龔立人老師對社會的弱勢社群,常有獨到的見解,本書先描述他怎樣看殘障人士,同性戀者和性工作者。他認為,「正常」和「不正常」是一種身分政治。作者以「不正常」來描述他相遇的人物,包括同性戀者、性工作者和精神病患者,從這種相遇,我們會看到正常化反映的權力和操縱。
生命可以有任務,但生命不是一個個任務。生命原是慶祝,這不是因為生命有甚麼成就,而是因為這是生命。

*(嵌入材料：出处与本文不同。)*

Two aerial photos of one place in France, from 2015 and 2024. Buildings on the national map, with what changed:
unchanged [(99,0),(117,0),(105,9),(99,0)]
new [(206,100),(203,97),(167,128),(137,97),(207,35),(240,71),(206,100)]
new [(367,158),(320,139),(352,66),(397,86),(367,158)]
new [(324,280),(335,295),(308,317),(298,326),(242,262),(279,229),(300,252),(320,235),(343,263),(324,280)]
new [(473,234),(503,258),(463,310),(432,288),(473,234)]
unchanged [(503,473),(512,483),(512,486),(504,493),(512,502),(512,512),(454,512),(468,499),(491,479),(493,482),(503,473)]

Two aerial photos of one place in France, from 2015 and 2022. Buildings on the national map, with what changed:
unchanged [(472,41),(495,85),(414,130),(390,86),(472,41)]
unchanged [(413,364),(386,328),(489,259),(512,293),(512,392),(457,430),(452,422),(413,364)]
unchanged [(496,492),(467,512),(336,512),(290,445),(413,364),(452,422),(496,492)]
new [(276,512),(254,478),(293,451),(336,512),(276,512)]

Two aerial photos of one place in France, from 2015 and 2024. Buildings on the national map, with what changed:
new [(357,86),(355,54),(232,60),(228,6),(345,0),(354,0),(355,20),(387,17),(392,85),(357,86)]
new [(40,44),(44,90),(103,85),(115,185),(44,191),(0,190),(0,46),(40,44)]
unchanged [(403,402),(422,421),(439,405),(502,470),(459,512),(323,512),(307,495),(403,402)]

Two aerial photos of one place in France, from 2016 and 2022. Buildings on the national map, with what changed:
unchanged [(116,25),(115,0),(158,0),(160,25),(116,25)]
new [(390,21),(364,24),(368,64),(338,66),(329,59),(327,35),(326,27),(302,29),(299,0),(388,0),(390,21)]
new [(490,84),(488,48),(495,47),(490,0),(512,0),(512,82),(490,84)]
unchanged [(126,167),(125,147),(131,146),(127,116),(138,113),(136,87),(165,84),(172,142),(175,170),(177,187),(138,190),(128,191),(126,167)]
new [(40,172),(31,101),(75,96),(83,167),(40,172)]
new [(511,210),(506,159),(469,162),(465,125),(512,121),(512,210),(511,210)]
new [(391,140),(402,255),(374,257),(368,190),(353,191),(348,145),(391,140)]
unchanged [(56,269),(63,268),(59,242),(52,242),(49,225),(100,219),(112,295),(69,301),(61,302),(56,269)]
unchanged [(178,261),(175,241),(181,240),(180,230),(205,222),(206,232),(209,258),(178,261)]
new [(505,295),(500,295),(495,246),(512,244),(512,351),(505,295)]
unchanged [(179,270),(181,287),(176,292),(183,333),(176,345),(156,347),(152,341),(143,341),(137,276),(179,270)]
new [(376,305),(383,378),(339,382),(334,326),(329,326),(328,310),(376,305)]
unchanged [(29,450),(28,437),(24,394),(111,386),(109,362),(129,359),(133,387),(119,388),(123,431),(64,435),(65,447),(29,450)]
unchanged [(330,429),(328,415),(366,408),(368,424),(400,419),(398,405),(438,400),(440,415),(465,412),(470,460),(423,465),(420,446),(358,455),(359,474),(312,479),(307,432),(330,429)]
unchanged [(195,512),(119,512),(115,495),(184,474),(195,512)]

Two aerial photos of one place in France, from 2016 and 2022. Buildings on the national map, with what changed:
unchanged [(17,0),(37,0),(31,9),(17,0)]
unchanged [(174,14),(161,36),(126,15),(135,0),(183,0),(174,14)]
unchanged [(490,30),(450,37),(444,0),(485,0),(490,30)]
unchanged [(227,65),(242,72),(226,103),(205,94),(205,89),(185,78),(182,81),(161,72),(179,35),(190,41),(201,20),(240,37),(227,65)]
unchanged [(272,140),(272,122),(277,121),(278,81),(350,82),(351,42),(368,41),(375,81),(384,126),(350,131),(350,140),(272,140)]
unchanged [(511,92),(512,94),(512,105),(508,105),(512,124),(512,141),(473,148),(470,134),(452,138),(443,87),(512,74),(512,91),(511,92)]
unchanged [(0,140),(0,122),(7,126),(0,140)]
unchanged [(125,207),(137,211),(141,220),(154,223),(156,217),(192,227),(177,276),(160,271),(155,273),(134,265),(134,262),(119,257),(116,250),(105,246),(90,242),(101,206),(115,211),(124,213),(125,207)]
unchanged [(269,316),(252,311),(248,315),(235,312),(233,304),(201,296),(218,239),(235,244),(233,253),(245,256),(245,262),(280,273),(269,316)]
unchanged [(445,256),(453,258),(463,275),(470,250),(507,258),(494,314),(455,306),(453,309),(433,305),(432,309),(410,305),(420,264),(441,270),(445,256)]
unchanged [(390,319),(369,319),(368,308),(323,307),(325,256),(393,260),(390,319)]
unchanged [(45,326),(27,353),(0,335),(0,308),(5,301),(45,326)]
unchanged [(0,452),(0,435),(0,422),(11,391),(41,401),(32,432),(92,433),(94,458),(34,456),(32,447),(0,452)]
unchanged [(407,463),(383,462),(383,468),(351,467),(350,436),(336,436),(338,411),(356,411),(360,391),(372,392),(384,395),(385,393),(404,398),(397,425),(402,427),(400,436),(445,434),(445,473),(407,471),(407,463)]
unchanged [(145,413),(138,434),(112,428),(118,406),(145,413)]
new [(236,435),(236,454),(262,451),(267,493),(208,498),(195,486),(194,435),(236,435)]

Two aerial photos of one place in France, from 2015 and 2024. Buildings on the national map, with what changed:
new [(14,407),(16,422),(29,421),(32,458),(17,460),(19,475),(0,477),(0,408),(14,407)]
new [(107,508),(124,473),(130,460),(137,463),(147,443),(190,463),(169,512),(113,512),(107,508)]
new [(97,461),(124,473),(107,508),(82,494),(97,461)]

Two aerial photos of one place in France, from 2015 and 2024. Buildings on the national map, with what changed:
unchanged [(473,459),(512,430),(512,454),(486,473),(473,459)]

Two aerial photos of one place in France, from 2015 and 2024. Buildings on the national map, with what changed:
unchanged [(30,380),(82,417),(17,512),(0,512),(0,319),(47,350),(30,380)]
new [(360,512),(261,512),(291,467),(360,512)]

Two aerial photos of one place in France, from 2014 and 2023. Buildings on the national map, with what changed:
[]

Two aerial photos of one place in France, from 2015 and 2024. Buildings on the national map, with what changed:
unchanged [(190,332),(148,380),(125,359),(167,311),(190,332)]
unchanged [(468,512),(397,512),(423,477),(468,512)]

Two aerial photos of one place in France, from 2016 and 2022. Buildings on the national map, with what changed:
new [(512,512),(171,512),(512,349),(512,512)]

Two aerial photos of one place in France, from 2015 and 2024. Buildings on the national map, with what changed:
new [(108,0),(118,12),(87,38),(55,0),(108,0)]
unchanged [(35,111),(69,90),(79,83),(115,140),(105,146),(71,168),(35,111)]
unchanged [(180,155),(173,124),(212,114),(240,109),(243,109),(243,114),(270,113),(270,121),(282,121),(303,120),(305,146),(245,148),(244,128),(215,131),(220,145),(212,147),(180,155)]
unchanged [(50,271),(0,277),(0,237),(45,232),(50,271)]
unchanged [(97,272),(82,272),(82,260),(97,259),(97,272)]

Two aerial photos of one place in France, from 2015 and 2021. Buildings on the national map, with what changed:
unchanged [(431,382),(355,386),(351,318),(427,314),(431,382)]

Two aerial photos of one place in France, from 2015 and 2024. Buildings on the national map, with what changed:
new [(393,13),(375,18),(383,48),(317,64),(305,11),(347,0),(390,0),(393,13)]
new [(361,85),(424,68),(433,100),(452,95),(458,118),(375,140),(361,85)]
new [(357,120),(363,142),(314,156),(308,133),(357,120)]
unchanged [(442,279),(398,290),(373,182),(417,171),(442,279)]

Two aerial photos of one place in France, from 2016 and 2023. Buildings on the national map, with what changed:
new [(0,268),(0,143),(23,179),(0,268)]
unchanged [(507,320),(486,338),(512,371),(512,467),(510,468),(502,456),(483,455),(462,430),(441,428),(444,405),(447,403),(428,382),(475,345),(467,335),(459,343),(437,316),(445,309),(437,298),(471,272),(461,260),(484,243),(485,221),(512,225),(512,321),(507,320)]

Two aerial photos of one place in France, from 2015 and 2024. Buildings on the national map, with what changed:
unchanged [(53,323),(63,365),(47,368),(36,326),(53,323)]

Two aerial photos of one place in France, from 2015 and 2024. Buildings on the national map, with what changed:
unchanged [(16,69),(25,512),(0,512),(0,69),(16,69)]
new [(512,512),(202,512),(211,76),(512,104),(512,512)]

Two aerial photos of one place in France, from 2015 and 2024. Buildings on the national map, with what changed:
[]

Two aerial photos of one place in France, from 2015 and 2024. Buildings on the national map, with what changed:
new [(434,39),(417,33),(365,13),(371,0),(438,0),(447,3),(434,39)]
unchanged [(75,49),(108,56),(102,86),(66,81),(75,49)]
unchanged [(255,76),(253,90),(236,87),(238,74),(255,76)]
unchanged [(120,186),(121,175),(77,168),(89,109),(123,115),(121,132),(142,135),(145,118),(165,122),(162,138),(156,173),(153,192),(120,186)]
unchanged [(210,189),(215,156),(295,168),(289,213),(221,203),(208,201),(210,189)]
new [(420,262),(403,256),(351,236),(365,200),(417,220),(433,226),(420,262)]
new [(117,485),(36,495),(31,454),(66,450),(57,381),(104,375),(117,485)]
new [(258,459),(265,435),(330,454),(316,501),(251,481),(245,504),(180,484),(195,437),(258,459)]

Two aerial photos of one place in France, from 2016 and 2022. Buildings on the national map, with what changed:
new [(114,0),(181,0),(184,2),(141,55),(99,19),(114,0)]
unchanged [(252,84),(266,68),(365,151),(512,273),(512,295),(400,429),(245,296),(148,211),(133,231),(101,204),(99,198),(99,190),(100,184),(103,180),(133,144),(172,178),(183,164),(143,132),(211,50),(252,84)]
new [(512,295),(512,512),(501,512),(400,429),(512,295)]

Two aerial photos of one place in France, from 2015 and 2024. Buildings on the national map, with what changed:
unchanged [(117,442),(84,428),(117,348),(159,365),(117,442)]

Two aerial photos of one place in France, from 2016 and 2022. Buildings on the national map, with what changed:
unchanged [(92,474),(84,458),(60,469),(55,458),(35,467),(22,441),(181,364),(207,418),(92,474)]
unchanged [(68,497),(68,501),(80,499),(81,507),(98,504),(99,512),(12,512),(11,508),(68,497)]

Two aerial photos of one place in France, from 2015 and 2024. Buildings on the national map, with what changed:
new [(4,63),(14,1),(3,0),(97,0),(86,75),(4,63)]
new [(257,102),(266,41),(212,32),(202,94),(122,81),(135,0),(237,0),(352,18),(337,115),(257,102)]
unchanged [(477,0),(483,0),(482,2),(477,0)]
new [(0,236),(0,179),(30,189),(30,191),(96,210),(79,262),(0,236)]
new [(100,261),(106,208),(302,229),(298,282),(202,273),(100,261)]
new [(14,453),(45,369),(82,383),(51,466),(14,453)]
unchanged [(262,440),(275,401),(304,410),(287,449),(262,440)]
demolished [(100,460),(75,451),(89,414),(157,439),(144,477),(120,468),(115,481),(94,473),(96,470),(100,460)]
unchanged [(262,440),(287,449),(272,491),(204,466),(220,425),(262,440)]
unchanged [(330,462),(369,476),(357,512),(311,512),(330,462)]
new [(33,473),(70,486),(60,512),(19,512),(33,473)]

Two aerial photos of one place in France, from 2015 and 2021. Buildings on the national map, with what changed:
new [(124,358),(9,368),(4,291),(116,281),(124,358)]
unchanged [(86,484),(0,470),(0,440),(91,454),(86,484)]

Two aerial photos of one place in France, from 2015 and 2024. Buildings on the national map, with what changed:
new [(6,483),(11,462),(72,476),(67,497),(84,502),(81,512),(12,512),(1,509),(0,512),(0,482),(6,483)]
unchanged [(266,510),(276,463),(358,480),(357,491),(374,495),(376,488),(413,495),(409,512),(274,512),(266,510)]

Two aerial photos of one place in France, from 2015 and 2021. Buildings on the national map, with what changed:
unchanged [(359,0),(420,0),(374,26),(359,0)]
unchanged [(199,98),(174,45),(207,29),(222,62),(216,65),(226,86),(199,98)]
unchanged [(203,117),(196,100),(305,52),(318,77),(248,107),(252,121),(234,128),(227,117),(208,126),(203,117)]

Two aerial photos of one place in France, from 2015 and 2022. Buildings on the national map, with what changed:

社會上的弱勢階層,或許沒有慶祝生命的機會,這挑戰那使人無法慶祝的經濟貧窮、社會歧視和社會制度。作者認為,人要讓自己被慶祝。耶穌曾說過「非以役人,乃役於人」,德蘭修女也用此當座右銘,但作者卻有保留。如果人生只有服侍和犧牲,可能那人的世界只是一個單向,由上而下的世界。若被服待者已被界定無能的一群,沒有人會再願意成為接受者。當一個人死亡,在喪禮時,人才有時間為生命慶祝。作者留意到,教會只停留在慈惠上,較少積極參與爭取殘障人士的權利。一位殘障人士說:「殘障不是無能,慈惠並沒有解決我們的問題。我們需要平等,並在生活各層面上,得到我們作為人的權利。」。教會其實也是基督殘障的身體,故不應以奉獻者的角度來關懷他們。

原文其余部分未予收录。